Japan Geoscience Union Meeting 2025

Presentation information

[J] Poster

M (Multidisciplinary and Interdisciplinary) » M-GI General Geosciences, Information Geosciences & Simulations

[M-GI29] Data-driven geosciences

Mon. May 26, 2025 5:15 PM - 7:15 PM Poster Hall (Exhibition Hall 7&8, Makuhari Messe)

convener:Kenta Ueki(Japan Agency for Marine-Earth Science and Technology), Shin-ichi Ito(The University of Tokyo), Keita Itano(Akita University), Masaoki Uno(Department of Earth and Planetary Science, Graduate School of Science, the University of Tokyo)

5:15 PM - 7:15 PM

[MGI29-P03] Addressing Challenges in Source Rock Type Classification Using Mineral Chemical Composition

*Keita Itano1, Masatsugu Itano1 (1.Akita University)

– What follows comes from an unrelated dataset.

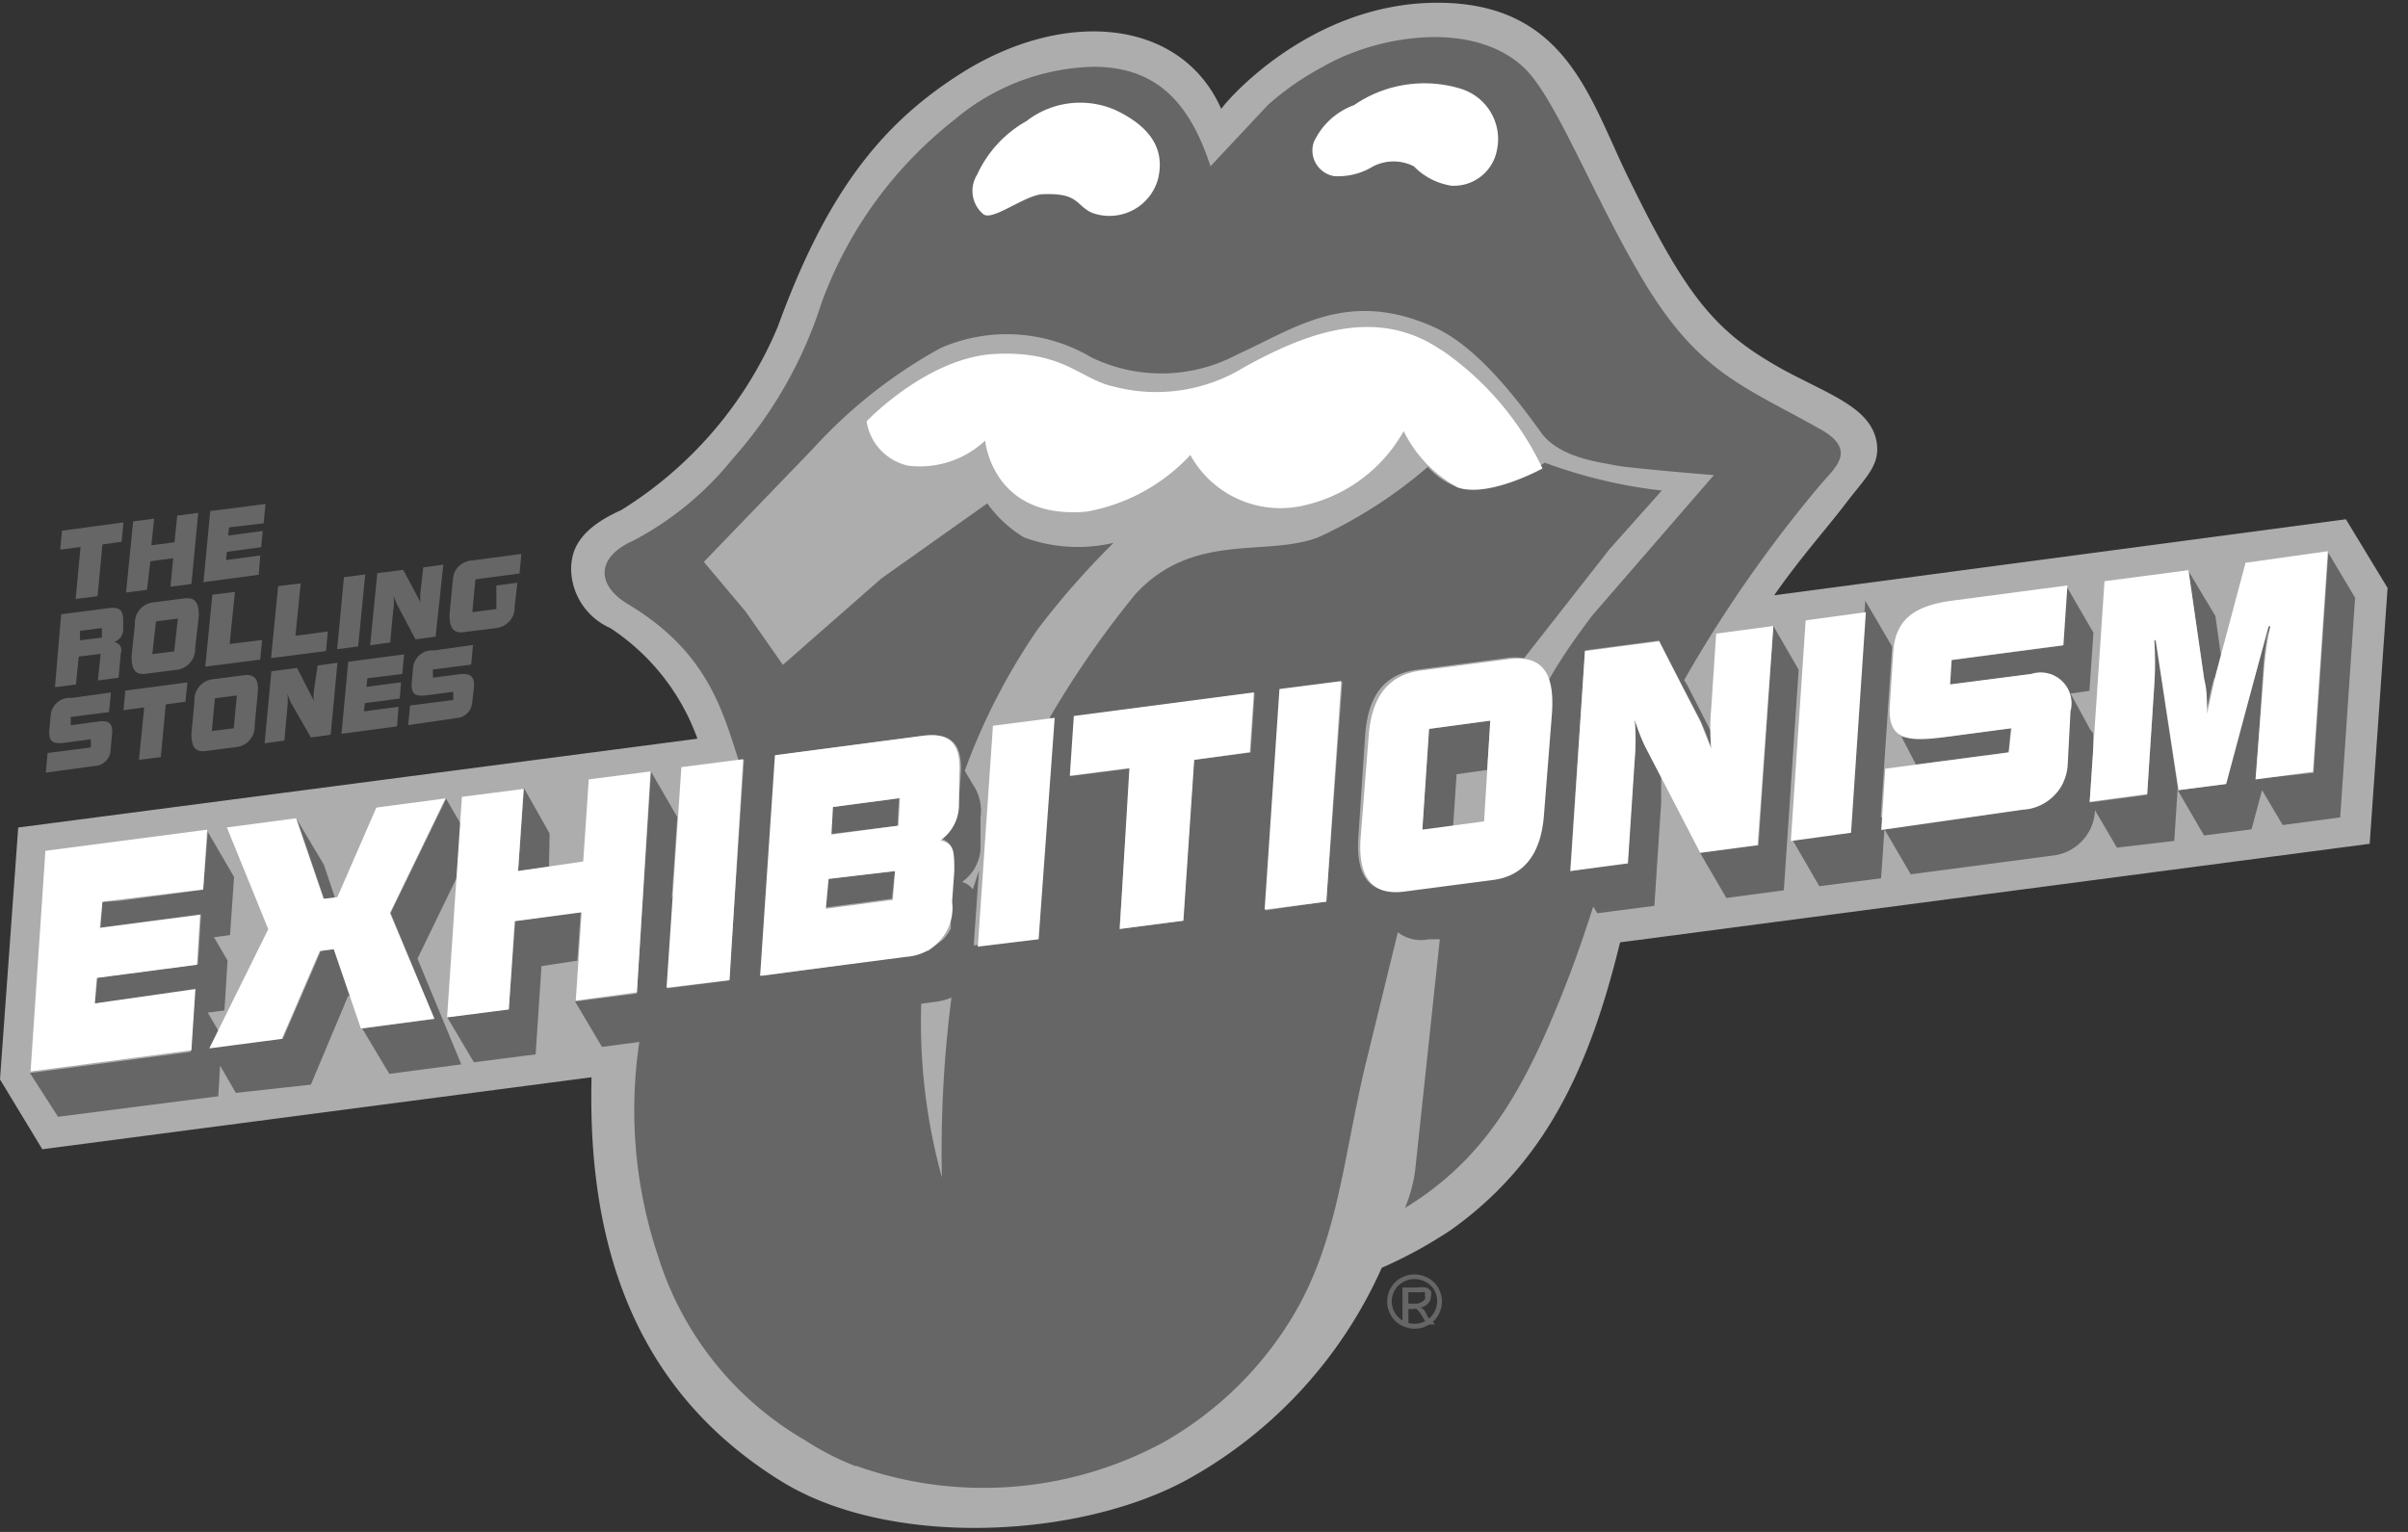 <svg xmlns="http://www.w3.org/2000/svg" width="88" height="56"><rect width="100%" height="100%" fill="#333333" stroke="none"/><path d="M85.72 18.984l-20.883 2.778c.993-1.422 1.884-2.397 2.617-3.36s1.264-1.39 1.128-2.24c-.214-1.254-1.704-1.725-3.385-2.632-2.47-1.366-3.51-2.576-5.64-6.933C58.114 3.707 57.302.1 52.53.1s-7.897 3.808-7.897 3.886C43.188.717 38.99.28 35.2 2.632c-2.933 1.837-4.964 4.334-6.77 9.296-1.158 2.78-3.162 5.128-5.73 6.72-1.68.75-1.794 1.58-1.828 2.072-.02.965.544 1.848 1.433 2.24 1.474.97 2.59 2.39 3.182 4.043L.666 30.25 0 39.458l1.546 2.554 20.07-2.632v.1c-.147 6.608 1.94 11.592 6.96 14.683 3.97 2.442 10.92 2.094 14.88-.112a16.53 16.53 0 0 0 7.04-7.706c.886-.388 1.735-.853 2.538-1.39 3.385-2.408 5.01-5.846 6.104-10.237l.068-.27L86.6 30.845l.654-9.352-1.523-2.51z" fill="#adadad"/><g fill-rule="nonzero"><path d="M64.274 30.9l-2.144.28.96 1.646 2.1-.28.542-8.064-.925-1.6-.542 8.008zm-52.428 1.95h.406l-.417-1.243-.982-1.646.993 2.9v-.01zm.87 3.562h.102l-.587-1.714-.508.067-1.388 3.214h-.35l-2.256.302.248-.605-.384-.66.61-.078.113-1.826-.496-.85.587-.078.147-2.128-.96-1.646-.17 2.117-3.046.403-.643.045-.056.93 3.667-.482-.113 1.826-3.667.482-.102.963 3.655-.482-.147 2.24-5.878.773 1.027 1.6 5.855-.75.068-1.12.575.997 2.742-.302 1.354-3.226zm3.983-4.346l.135-1.95-.53-.918-2.03 4.178 1.602 3.875-2.64.347.993 1.658 2.63-.347-1.602-3.864 1.444-2.98zm3.385-1.6l-.936-1.658-.214 3.035 1.128-.146.023-1.232zm1.015 4.66l.124-1.803-1.963.28-.43.056-.237 3.226-2.256.29.982 1.658 2.256-.29.214-3.226 1.31-.2zm9.24-4.637l2.46-.302.056-1.008-2.448.325-.068.986zm-.113 1.635l-.08 1.053 2.448-.325.113-1.008-2.482.28zm24.12-3.976l.124-1.803-2.256.302-.237 3.685h.384l.745-.146.124-1.882 1.117-.157zM62.65 17.35l-4.445 5.13c-.553.728-1.128 1.534-1.602 2.374l-.113-.1v.146c.093.366.124.744.1 1.12l-.248 3.718c-.102 1.445-.722 2.24-1.862 2.397l-3.26.426c-1.128.146-1.68-.493-1.58-1.95l.248-3.718c.102-1.478.71-2.24 1.873-2.408l3.26-.426c.224-.04.453-.04.677 0l3.125-3.987 1.907-2.14a18.16 18.16 0 0 1-4.276-1.019l-.158.1v.078s-1.974 1.12-3.09.694c-.394-.155-.746-.4-1.027-.717-1.2 1.036-2.54 1.9-3.983 2.565-1.907.75-4.57-.224-6.7 2.083a35.16 35.16 0 0 0-3.114 4.48l-.542 8.064-2.256.302.192-2.733-.226.683a.69.69 0 0 0-.395-.269 1.6 1.6 0 0 0 .677-1.187v-1.165c.063-.428-.037-.863-.282-1.22l-.293-.493a23 23 0 0 1 2.674-5.186c.845-1.113 1.77-2.164 2.764-3.147-1.086.252-2.223.186-3.272-.2a4.5 4.5 0 0 1-1.343-1.243l-3.87 2.744-3.6 3.158-1.354-1.938-1.534-1.826 3.994-4.144a18.03 18.03 0 0 1 4.659-3.674 6.05 6.05 0 0 1 5.517.347 5.88 5.88 0 0 0 5.325-.112c2.087-.94 3.994-2.397 7.12-1.03 1.59.683 3.046 2.587 3.95 3.842.666.974 2.19 1.12 2.685 1.232s3.7.37 3.7.37l-.01-.022zM27.833 35.672l.542-8.064 5.36-.706c1.038-.134 1.444.28 1.376 1.4l-.08 1.12c-.024.49-.274.94-.677 1.22a.79.79 0 0 1 .305.168l.068.078c.04.058.07.122.1.2a1.11 1.11 0 0 1 0 .235v.437l-.08 1.12v1.075l-.08.134-.08.112-.08.1-.113.1-.08.056-.384.302h-.056a2.2 2.2 0 0 1-.632.168l-5.404.75zm5.833 1.02l.496-.067a2.27 2.27 0 0 0 .609-.157 44.09 44.09 0 0 0-.35 6.574 21.38 21.38 0 0 1-.756-6.317v-.034zm7.638-8.6l-2.177.28.147-2.184 6.577-.862-.147 2.184-2.076.27-.395 5.88-2.324.302.395-5.87zm4.953 5.186l.542-8.064 2.256-.29-.587 8.03-2.21.325zm20.387-15.69c.496-.57 1.196-1.187-.17-1.926-2.753-1.546-4.355-2.027-6.34-5.275-1.84-3.035-3.193-6.63-4.366-7.84-1.828-1.837-5.393-1.288-7.435-.1-.72.382-1.39.85-1.997 1.39l-2.098 2.24C43.55 4 42.454 2.42 39.916 2.442c-1.84.056-3.607.73-5.01 1.915-2.23 1.742-3.922 4.07-4.885 6.72-.67 2.105-1.777 4.047-3.25 5.7a11.58 11.58 0 0 1-3.633 2.99c-1.343.594-1.388 1.624-.135 2.352 2.81 1.702 3.385 3.786 3.983 5.656h.203l-.542 8.064-2.256.29.226-3.45-.068.157.203-2.968-.96-1.658-.52 8.11-2.256.29L22 38.27l1.365-.18c-.395 2.63-.16 5.317.688 7.84a11.83 11.83 0 0 0 5.37 6.72 10.01 10.01 0 0 0 1.828.941h.056a13.83 13.83 0 0 0 11.203-.862c2-1.133 3.662-2.77 4.817-4.75 1.568-2.7 1.77-5.656 2.55-8.96l1.207-4.94c.32.246.732.34 1.128.258h.406l-.903 8.467a5.57 5.57 0 0 1-.372 1.355c3.09-1.882 4.513-4.592 6.07-8.658a54.3 54.3 0 0 0 .812-2.363l.147.246 2.087-.27.248-3.774v-.94l-.36-.683-.27-.526c-.138-.31-.255-.627-.35-.952.04.492.04.986 0 1.478l-.248 3.774-2.098.347.542-8.064 2.708-.358.824 1.613.677 1.288c.102.213.237.55.395.986v-.56l-.88-1.725-.1-.157a47.94 47.94 0 0 1 5.088-7.269zm6.848 9.027l-2.448.325H69.53l-.1-.067v-.056l.587 1.13 3.385-.448.08-.885zm5.968 4.1l.124-1.938-.812-5.354h-.045v1.646l-.26 3.987-2.1.28.124-1.792V26.8l-.1-.123-.722-1.322.688-.1.147-2.128-.982-1.69-.147 2.162-4.084.538-.056.896 2.945-.38h.767a1.12 1.12 0 0 1 .677 1.333l-.124 1.97v.078a1.88 1.88 0 0 1-.102.448v.134l-.068.123-.068.112-.08.1-.1.1-.1.078-.1.067H73.91l-5.178.683.147-2.24.27-4-.982-1.68-.18 2.643-.36 5.387-2.1.75.96 1.658 2.256-.29.124-1.792.96 1.646 5.178-.683a1.74 1.74 0 0 0 1.557-1.658l.8 1.366 2.1-.246zm1.478-5.89l.226-.862-.203-1.445-.993-1.658.587 4v.28c0 .29 0 .616.068.974 0-.213.08-.403.113-.594s.113-.493.17-.706h.034zm5.145-2.946l-.993-1.67-.542 8.042-2.1.224.26-3.987a11.12 11.12 0 0 1 .147-1.243l.135-.37h-.068L81.3 28.66l-1.715.224.96 1.658 1.737-.224.384-1.434.756 1.277 2.1-.28.542-7.997z" fill="#666"/><path d="M7.424 32.514l.147-2.184-5.912.773-.542 8.064 5.878-.773.147-2.24-3.678.526.068-.93 3.667-.482.113-1.826-3.667.482.1-.963 3.69-.448zm6.826.862l2.03-4.19-2.527.336-1.422 3.27-.508.067-1.004-2.946-2.527.336 1.512 3.718-2.155 4.357 2.65-.347 1.388-3.214.508-.067.993 2.9 2.685-.358-1.625-3.864zm9.026 2.9l.496-8.075-2.256.29-.203 3.002-2.38.347.203-3.002-2.256.29-.542 8.064 2.256-.29.214-3.226 2.448-.325-.214 3.226 2.234-.302zm3.385-.448l.496-8.075-2.256.29-.542 8.064 2.302-.28zm6.228-6.653l-.056 1.008-2.448.325.056-1.008 2.448-.325zm-2.617 2.957l2.437-.29-.08 1.053-2.448.325.1-1.086zm4.784-3.83c.08-1.12-.338-1.546-1.376-1.4l-5.36.706-.542 8.064 5.336-.694a1.81 1.81 0 0 0 1.281-.646c.32-.382.463-.878.4-1.37l.08-1.12c0-.672 0-1.02-.508-1.12.403-.282.652-.732.677-1.22l.01-1.198zm2.9 6.037l.587-8.098-2.256.29-.553 8.075 2.223-.27zm7.717-6.843l.147-2.184-6.577.862-.147 2.184 2.177-.28-.35 5.88 2.324-.302.395-5.88 2.03-.28zm2.798 5.466l.542-8.064-2.256.29-.542 8.064 2.256-.29zm5.99-6.62l-.226 3.685-2.256.302.248-3.685 2.234-.302zm2.256-.29c.102-1.5-.395-2.106-1.568-1.96l-3.26.426c-1.128.157-1.77.93-1.873 2.408l-.293 3.718c-.102 1.445.44 2.094 1.58 1.95l3.26-.426c1.128-.146 1.76-.952 1.862-2.397l.293-3.718zm8.1-3.17l-2.1.28-.18 2.722a7.97 7.97 0 0 0 0 1.49l-.395-.986-1.512-2.946-2.708.358-.53 8.042 2.1-.28.248-3.774c.042-.492.042-.986 0-1.478.105.337.233.666.384.986l2.008 3.875 2.1-.28.575-8.008z" fill="#fff"/></g><path d="M52.676 12.802c-2.437-1.68-5.1-.538-7.198.616a6.14 6.14 0 0 1-4.806.706c-1.218-.28-1.805-1.3-4.287-1.187S31.67 15.4 31.67 15.4c.12.802.726 1.448 1.523 1.624a3.49 3.49 0 0 0 2.809-.918s.26 2.9 3.7 2.598a6.8 6.8 0 0 0 3.8-2.072c.774 1.414 2.377 2.174 3.97 1.882a5.57 5.57 0 0 0 3.825-2.755c.428.873 1.117 1.593 1.974 2.06 1.128.392 3.1-.694 3.1-.694a10.94 10.94 0 0 0-3.678-4.323zm-14.622-5.7c1.376-.067 1.23.38 1.84.672a1.85 1.85 0 0 0 1.488-.082 1.83 1.83 0 0 0 .938-1.15c.27-1.12-.316-1.915-1.512-2.498a3.2 3.2 0 0 0-3.294.381 4.3 4.3 0 0 0-1.805 1.96c-.295.47-.2 1.085.226 1.445.327.258 1.433-.638 2.12-.728zm10.718-.662a2.46 2.46 0 0 0 1.41-.358 1.63 1.63 0 0 1 1.49 0 2.43 2.43 0 0 0 1.365.706 1.6 1.6 0 0 0 1.67-1.31c.206-.98-.377-1.953-1.343-2.24a4.54 4.54 0 0 0-3.881.605 2.6 2.6 0 0 0-1.467 1.344c-.094.266-.064.56.082.803a.96.96 0 0 0 .674.452zm33.294 14.123l-1.128 4.234-.282 1.3c0-.482 0-.896-.102-1.254l-.575-4-3.07.403-.542 8.064 2.1-.28.26-3.987c.04-.548.04-1.098 0-1.646h.056l.835 5.488 1.737-.224 1.546-5.768h.068a12.47 12.47 0 0 0-.237 1.68l-.305 3.92 2.1-.28.542-8.064-3.024.426zm-16.62 10.18l2.2-.3.542-8.064-2.2.3zm8.766-6.104l-2.945.38.056-.896 4.084-.538.147-2.184-4.163.55c-1.4.18-2.12.672-2.2 1.86l-.124 1.938c-.1 1.3.6 1.378 1.997 1.198l2.448-.325-.102.885-4.513.594-.147 2.24 5.156-.74a1.74 1.74 0 0 0 1.658-1.646l.102-1.95a1.13 1.13 0 0 0-1.446-1.366z" fill="#fff"/><g fill="#666"><path d="M4.502 23.027v-.336c0-.37-.124-.515-.53-.46l-1.737.224-.226 2.666.767-.1.102-1.02.8-.1-.1.974.756-.1.08-.896a.29.29 0 0 0-.02-.265c-.05-.08-.134-.13-.228-.14.194-.068.327-.244.338-.448zm-.778.28l-.8.1v-.347l.8-.1v.347z" fill-rule="nonzero"/><path d="M4.513 25.962l.756-.1-.192 1.915.8-.1.18-1.926.722-.1.068-.706-2.268.3zm-.913.414l-1.015.134v-.3l1.4-.18.068-.717-1.433.2a.7.7 0 0 0-.767.616l-.056.627c0 .426.203.448.677.38l.846-.112v.3l-1.58.202-.068.717L3.464 28c.3-.015.543-.242.575-.538l.056-.65c.034-.358-.124-.493-.496-.437zm8.382-3.293l-1.185.157.192-1.915-.824.1-.26 2.632 2.008-.258zm2.403-.83a2.77 2.77 0 0 0 0-.482 2.9 2.9 0 0 0 .124.325l.677 1.277.733-.1.282-2.632-.733.1-.1.885a2.29 2.29 0 0 0 0 .482c0-.146-.102-.246-.124-.325l-.508-.952-.948.123-.26 2.632.733-.1.113-1.232z"/><path d="M2.764 21.896l.8-.1.18-1.893.7-.1.068-.706-2.245.302-.068.694.745-.1zm2.73-1.378l.835-.112-.1 1.042.767-.1.248-2.6-.767.1-.1.974-.846.112.102-.974-.767.1-.26 2.6.767-.1zm11.34 4.122l-1.015.134v-.3l1.4-.18.068-.717-1.422.2a.7.7 0 0 0-.767.616l-.056.627c0 .426.203.448.677.38l.846-.112v.3l-1.58.202-.068.717 1.76-.258c.3-.015.543-.242.575-.538l.068-.582c.034-.392-.124-.526-.496-.482zm-4.355 2.184l2.03-.27.056-.717-1.264.168.034-.302 1.275-.168.045-.594-1.264.168.034-.314 1.275-.157.068-.717-2.042.27zM13.347 21l-.778.1-.248 2.632.767-.1zm3.193.28l-.113 1.2c0 .47.135.683.53.627l1.173-.146c.397-.046.7-.388.677-.784l.1-.874-.767.1v.862l-.88.112.113-1.198 1.613-.213.068-.717-1.77.235c-.206.003-.4.1-.54.24s-.2.352-.193.555zm-6.905-2.15l.068-.706-2.02.258-.248 2.6 2.02-.27.056-.706-1.252.168.034-.302 1.252-.168.056-.594-1.264.168.034-.3zm-1.05 2.508l-.824.1-.26 2.632 2.008-.258.068-.717-1.185.146z"/><path d="M8.902 24.685l-1.128.146a.75.75 0 0 0-.666.795l-.113 1.2c0 .47.135.683.53.627l1.128-.146a.75.75 0 0 0 .654-.784l.113-1.2c.045-.493-.113-.694-.52-.638zm-.36 1.938l-.8.1.113-1.198.8-.1-.113 1.198z" fill-rule="nonzero"/><path d="M11.474 25.222c-.017.16-.017.32 0 .482 0-.146-.102-.246-.124-.325l-.496-.963-.936.123-.248 2.632.722-.1.113-1.232a2.86 2.86 0 0 0 0-.482c.035.11.076.22.124.325l.733 1.277.722-.1.248-2.632-.722.1-.135.885z"/><g fill-rule="nonzero"><path d="M7.266 22.512c0-.482-.124-.683-.53-.638l-1.128.146a.75.75 0 0 0-.677.795l-.124 1.187c0 .47.135.683.53.627l1.128-.146c.395-.047.686-.4.666-.784l.135-1.187zm-.9 1.3l-.8.1.135-1.198.8-.1-.135 1.198zM52.18 46.715a1.01 1.01 0 0 0-.982 0 .91.91 0 0 0-.372.37.98.98 0 0 0 0 .986.92.92 0 0 0 .372.37 1.01 1.01 0 0 0 .993 0 .92.92 0 0 0 .372-.37.98.98 0 0 0 0-.986.91.91 0 0 0-.384-.37zm.226 1.266c-.07.127-.176.232-.305.302a.84.84 0 0 1-.824 0c-.128-.07-.234-.175-.305-.302a.81.81 0 0 1 0-.818c.073-.13.183-.234.316-.302a.84.84 0 0 1 .812 0 .76.76 0 0 1 .316.302.81.81 0 0 1-.011.818z"/><path d="M52.033 47.87l-.115-.072c.1-.016.193-.067.26-.144a.36.36 0 0 0 .115-.258c.02-.066.02-.136 0-.2-.042-.06-.103-.106-.173-.13-.115-.017-.23-.017-.346 0h-.52v1.364h.216v-.574h.13c.056-.02.117-.02.173 0 .095.09.173.198.23.316l.173.244h.274l-.274-.273a1.55 1.55 0 0 0-.144-.273zm-.29-.215h-.274v-.416h.5c.033-.01.068-.01.1 0 .012.037.012.078 0 .115.02.046.02.098 0 .144-.078.095-.194.153-.317.158z"/></g></g></svg>

Keywords:Machine Learning, Compositional data, Missing data, Accessory mineral

The dating of detrital minerals in sediments and sedimentary rocks has been widely applied in various fields such as provenance studies, the reconstruction of orogenic histories, and ore exploration. Since the early 2000s, the widespread use of laser ablation inductively coupled plasma mass spectrometry (LA-ICP-MS) has enabled the acquisition of large datasets of zircon and monazite ages. Interpreting these age data requires constraining the formation processes and source rock types of individual mineral grains.
The major and trace element compositions of minerals are sensitive to their formation mechanisms and environments (e.g., bulk chemical composition and coexisting mineral assemblages), thus providing valuable information about their formation processes and source rock types. Numerous geochemical indicators for source rock classification in detrital zircon have been proposed for detrital zircon study. Leveraging extensive datasets of zircon and monazite chemical compositions across various rock types, machine learning approach offer the potential to develop higher-precision classification models and uncover new patterns within the data.
Some features associated with the mineral composition such as compositional data, missing data, and imbalanced data might become obstacles for the classification task. This study evaluated the impact of data imbalance and examined several strategies for addressing it using zircon trace element data. We compared three approaches: (i) adjusting the contribution of each class to the loss function by weighting it according to the class sample size, (ii) oversampling the minority class through synthetic sampling to increase its sample size, and (iii) a combination of ensemble learning and undersampling to reduce the sample size of the majority class. We confirmed that all approaches were effective; however, the degree of undersampling has a significant impact on classification performance. Especially when the sample size of minority class was small (<100), excessive undersampling led to a significant decrease in classification accuracy.